My Russian slippers are beginning to wear out. After 10+ years of wear, that's not a surprise. The blue mark comes from dropping my fountain pen on one of them.
They were given to me when I visited a Russian friend in St. Petersburg, something I had never thought I'd do. Like many of my friends, her family substituted slippers for shoes in the house. As a good hostess, she'd bought slippers for Rick and me.
Our friendship had started in Geneva on a beautiful day with a not too warm, not too cold day, a blue sky as a backdrop to Mont Blanc's snow tops, much too beautiful to take a bus. I was walking to the train station through the UN complex of alphabet agencies when a woman asked directions to the train station.
She was a Russian attending a conference. Her English was as good, if not better than mine. We walked together chatting the entire way. At the station she was to take a train and I had errands. We exchanged emails.
We began a correspondence and found a lot in common: one child each, a lover of reading literature and history, food. She invited me to St. Petersburg, which I delayed. A few years went by. After I married, she invited my husband and me to visit.
We applied for VISAs. Interesting that his as an American was about $125. Mine as a Swiss, was charged at about $25.
She met us at the St.
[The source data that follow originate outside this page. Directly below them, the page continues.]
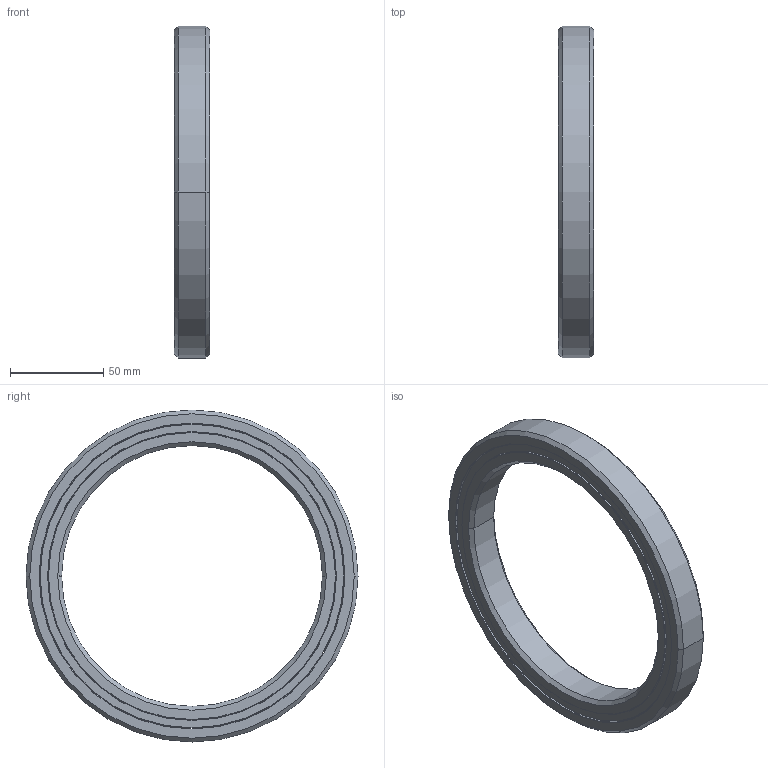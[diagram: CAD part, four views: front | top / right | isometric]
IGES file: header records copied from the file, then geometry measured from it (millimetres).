
Start section: TurboCAD 2016 Professional 23.2, IMSIDesign, LLC
Global section: author: NULL; organization: NULL; date: 20170905.160546; units: inch
Bounding box: 19.05 x 177.8 x 177.8 mm (x, y, z)
Surface area: 75025.8 mm2 (no closed solid volume)
Topology: 0 solids, 0 shells, 232 faces, 1314 edges, 1214 vertices
Faces by surface type: revolution 152, extrusion 80

Petersburg airport. We stayed in her flat meeting her son, husband and cats.
The woman was determined to share the city she loved and had an itinerary that included churches, famous building, museums, the incredible subway, a river ride, a classical ballet and an evening of folk dancing and a boat trip on the river. Some meals we had at home including a wonderful cucumber salad. She gave me the recipe, some meals were at restaurants. We didn't eat at the McDonald's.
We began to understand the Russian letters.
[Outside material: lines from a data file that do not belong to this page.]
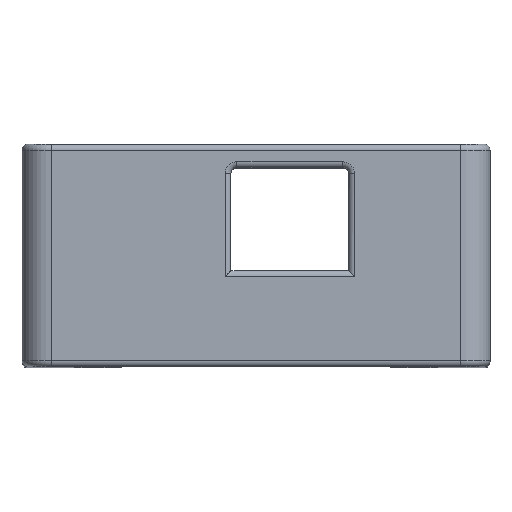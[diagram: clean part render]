
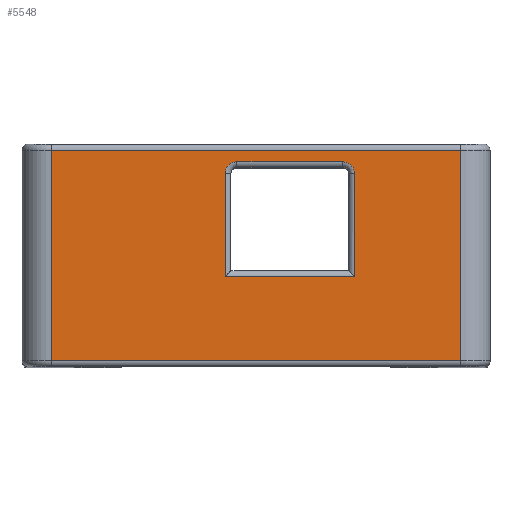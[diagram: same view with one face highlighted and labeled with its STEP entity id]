
A CAD part, top view. The second image highlights one B-rep face of the part: STEP entity #5548.
In plain terms, the highlighted planar face has unit normal (0, 0, 1).
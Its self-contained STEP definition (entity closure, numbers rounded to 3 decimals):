
#107 = EDGE_CURVE ( 'NONE', #2088, #5177, #1882, .T. ) ;
#241 = CARTESIAN_POINT ( 'NONE',  ( -56.95, -1.08, 20.5 ) ) ;
#247 = EDGE_CURVE ( 'NONE', #6293, #2186, #404, .T. ) ;
#271 = VECTOR ( 'NONE', #4544, 1000. ) ;
#338 = CARTESIAN_POINT ( 'NONE',  ( 0., 0., 20.5 ) ) ;
#399 = EDGE_CURVE ( 'NONE', #4684, #1049, #2592, .T. ) ;
#404 = LINE ( 'NONE', #5917, #3689 ) ;
#673 = DIRECTION ( 'NONE',  ( 1., 0., 0. ) ) ;
#714 = CARTESIAN_POINT ( 'NONE',  ( -47.05, 5.28, 20.5 ) ) ;
#717 = CARTESIAN_POINT ( 'NONE',  ( -46.65, 1.78, 20.5 ) ) ;
#731 = CARTESIAN_POINT ( 'NONE',  ( -56.95, -1.08, 20.5 ) ) ;
#754 = ORIENTED_EDGE ( 'NONE', *, *, #2656, .T. ) ;
#810 = VECTOR ( 'NONE', #1770, 1000. ) ;
#817 = ORIENTED_EDGE ( 'NONE', *, *, #399, .T. ) ;
#978 = DIRECTION ( 'NONE',  ( -1., 0., 0. ) ) ;
#1049 = VERTEX_POINT ( 'NONE', #5526 ) ;
#1190 = DIRECTION ( 'NONE',  ( 1., 0., 0. ) ) ;
#1233 = EDGE_CURVE ( 'NONE', #2707, #6293, #4404, .T. ) ;
#1350 = FACE_BOUND ( 'NONE', #5834, .T. ) ;
#1377 = LINE ( 'NONE', #4383, #810 ) ;
#1387 = DIRECTION ( 'NONE',  ( -1., 0., 0. ) ) ;
#1404 = CIRCLE ( 'NONE', #5579, 0.4 ) ;
#1551 = CIRCLE ( 'NONE', #4775, 0.4 ) ;
#1677 = DIRECTION ( 'NONE',  ( 0., 1., 0. ) ) ;
#1770 = DIRECTION ( 'NONE',  ( -1., 0., 0. ) ) ;
#1882 = LINE ( 'NONE', #5865, #4878 ) ;
#1945 = EDGE_CURVE ( 'NONE', #5177, #1049, #1551, .T. ) ;
#1980 = EDGE_CURVE ( 'NONE', #2186, #5762, #5203, .T. ) ;
#2050 = CARTESIAN_POINT ( 'NONE',  ( -51.05, 1.78, 20.5 ) ) ;
#2055 = ORIENTED_EDGE ( 'NONE', *, *, #1980, .T. ) ;
#2088 = VERTEX_POINT ( 'NONE', #2780 ) ;
#2186 = VERTEX_POINT ( 'NONE', #4416 ) ;
#2239 = VERTEX_POINT ( 'NONE', #717 ) ;
#2592 = LINE ( 'NONE', #6067, #2672 ) ;
#2641 = ORIENTED_EDGE ( 'NONE', *, *, #1945, .F. ) ;
#2656 = EDGE_CURVE ( 'NONE', #5762, #2707, #4599, .T. ) ;
#2660 = VECTOR ( 'NONE', #3944, 1000. ) ;
#2667 = ORIENTED_EDGE ( 'NONE', *, *, #107, .F. ) ;
#2672 = VECTOR ( 'NONE', #1677, 1000. ) ;
#2707 = VERTEX_POINT ( 'NONE', #3645 ) ;
#2712 = DIRECTION ( 'NONE',  ( 0., -1., 0. ) ) ;
#2750 = ORIENTED_EDGE ( 'NONE', *, *, #3909, .T. ) ;
#2780 = CARTESIAN_POINT ( 'NONE',  ( -47.05, 5.68, 20.5 ) ) ;
#3004 = ORIENTED_EDGE ( 'NONE', *, *, #1233, .T. ) ;
#3054 = ORIENTED_EDGE ( 'NONE', *, *, #5939, .T. ) ;
#3441 = LINE ( 'NONE', #5559, #271 ) ;
#3549 = ORIENTED_EDGE ( 'NONE', *, *, #247, .T. ) ;
#3587 = DIRECTION ( 'NONE',  ( 0., 0., 1. ) ) ;
#3645 = CARTESIAN_POINT ( 'NONE',  ( -43.05, -1.08, 20.5 ) ) ;
#3689 = VECTOR ( 'NONE', #978, 1000. ) ;
#3732 = DIRECTION ( 'NONE',  ( 0., 0., 1. ) ) ;
#3814 = ORIENTED_EDGE ( 'NONE', *, *, #6416, .F. ) ;
#3825 = VECTOR ( 'NONE', #673, 1000. ) ;
#3832 = FACE_OUTER_BOUND ( 'NONE', #4891, .T. ) ;
#3909 = EDGE_CURVE ( 'NONE', #2239, #4684, #1377, .T. ) ;
#3944 = DIRECTION ( 'NONE',  ( 0., 1., 0. ) ) ;
#4104 = CARTESIAN_POINT ( 'NONE',  ( 0., -1.08, 20.5 ) ) ;
#4188 = CARTESIAN_POINT ( 'NONE',  ( -50.65, 5.28, 20.5 ) ) ;
#4296 = CARTESIAN_POINT ( 'NONE',  ( -50.65, 5.68, 20.5 ) ) ;
#4322 = DIRECTION ( 'NONE',  ( 0., 0., 1. ) ) ;
#4383 = CARTESIAN_POINT ( 'NONE',  ( -50.85, 1.78, 20.5 ) ) ;
#4404 = LINE ( 'NONE', #5289, #2660 ) ;
#4416 = CARTESIAN_POINT ( 'NONE',  ( -56.95, 6.08, 20.5 ) ) ;
#4544 = DIRECTION ( 'NONE',  ( 0., -1., 0. ) ) ;
#4599 = LINE ( 'NONE', #4104, #3825 ) ;
#4684 = VERTEX_POINT ( 'NONE', #2050 ) ;
#4769 = DIRECTION ( 'NONE',  ( 1., 0., 0. ) ) ;
#4775 = AXIS2_PLACEMENT_3D ( 'NONE', #4188, #3732, #4769 ) ;
#4861 = CARTESIAN_POINT ( 'NONE',  ( -43.05, 6.08, 20.5 ) ) ;
#4878 = VECTOR ( 'NONE', #1387, 1000. ) ;
#4891 = EDGE_LOOP ( 'NONE', ( #3549, #2055, #754, #3004 ) ) ;
#5177 = VERTEX_POINT ( 'NONE', #4296 ) ;
#5188 = VERTEX_POINT ( 'NONE', #6326 ) ;
#5203 = LINE ( 'NONE', #731, #6043 ) ;
#5289 = CARTESIAN_POINT ( 'NONE',  ( -43.05, 6.08, 20.5 ) ) ;
#5301 = DIRECTION ( 'NONE',  ( 1., 0., 0. ) ) ;
#5477 = AXIS2_PLACEMENT_3D ( 'NONE', #338, #4322, #5301 ) ;
#5526 = CARTESIAN_POINT ( 'NONE',  ( -51.05, 5.28, 20.5 ) ) ;
#5548 = ADVANCED_FACE ( 'NONE', ( #3832, #1350 ), #5824, .T. ) ;
#5559 = CARTESIAN_POINT ( 'NONE',  ( -46.65, 1.98, 20.5 ) ) ;
#5579 = AXIS2_PLACEMENT_3D ( 'NONE', #714, #3587, #1190 ) ;
#5762 = VERTEX_POINT ( 'NONE', #241 ) ;
#5824 = PLANE ( 'NONE',  #5477 ) ;
#5834 = EDGE_LOOP ( 'NONE', ( #2667, #3814, #3054, #2750, #817, #2641 ) ) ;
#5865 = CARTESIAN_POINT ( 'NONE',  ( 0., 5.68, 20.5 ) ) ;
#5917 = CARTESIAN_POINT ( 'NONE',  ( 0., 6.08, 20.5 ) ) ;
#5939 = EDGE_CURVE ( 'NONE', #5188, #2239, #3441, .T. ) ;
#6043 = VECTOR ( 'NONE', #2712, 1000. ) ;
#6067 = CARTESIAN_POINT ( 'NONE',  ( -51.05, 5.48, 20.5 ) ) ;
#6293 = VERTEX_POINT ( 'NONE', #4861 ) ;
#6326 = CARTESIAN_POINT ( 'NONE',  ( -46.65, 5.28, 20.5 ) ) ;
#6416 = EDGE_CURVE ( 'NONE', #5188, #2088, #1404, .T. ) ;

I've never seen so much gold leaf and beautiful art work from small icons to huge statues. My friend, who knew history, gave me enough background that had I recorded it, I could have given professional tours to tourists.
The metro stations were works of arts in themselves.
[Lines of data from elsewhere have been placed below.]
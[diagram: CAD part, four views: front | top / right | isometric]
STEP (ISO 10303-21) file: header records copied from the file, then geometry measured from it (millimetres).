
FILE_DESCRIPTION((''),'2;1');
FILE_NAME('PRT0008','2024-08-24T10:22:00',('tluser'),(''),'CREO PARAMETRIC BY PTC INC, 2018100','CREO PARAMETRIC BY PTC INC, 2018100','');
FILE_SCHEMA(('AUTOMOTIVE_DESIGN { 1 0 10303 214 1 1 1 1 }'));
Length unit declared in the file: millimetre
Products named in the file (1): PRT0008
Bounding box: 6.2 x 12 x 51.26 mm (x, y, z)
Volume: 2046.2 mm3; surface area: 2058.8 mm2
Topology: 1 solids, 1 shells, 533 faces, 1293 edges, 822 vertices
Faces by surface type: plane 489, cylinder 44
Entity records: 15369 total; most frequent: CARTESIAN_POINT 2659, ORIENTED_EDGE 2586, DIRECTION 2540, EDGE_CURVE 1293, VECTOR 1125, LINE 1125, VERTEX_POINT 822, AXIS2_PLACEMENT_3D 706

She took me to a book store, where my first novel Chickpea Lover: Not a Cookbook was for sale. After the Russian Cosmopolitan had given it a good review it had been on the best seller list for a week or so I was told.
Her knowledge of Russian history was a gift. One of the thrills of the trip was to see the room where Rasputin was fed cyanide. We stood by the door where he escaped to jump in the Neva river. It is one thing to read about history, but another to stand where it happened.
Seeing where Fydor Dostoevsky wrote The Brothers Karamazov was thrill. As a writer I like to be where books were written as if their talent vibes in the wall will fill my brain and nerves to my fingertips.
Because we were with a native, we had experiences that would never have happened otherwise.
After the ballet, our hostess did not like the look of the taxi drivers. "Wait here," she said.
She ran into the street and pulled a driver, a stranger over then waved for us to get in the car. She had negotiated a price with him to take us home. I tried to imagine doing that in Boston, Geneva or any other major city. I couldn't imagine it in our little French village either.
My life amazes me sometime. I bumble into things that end up giving me incredible experiences.
Dusty pink is my favorite color. The slippers trim is dusty pink. No matter what the color is, I put them on and walk with memories.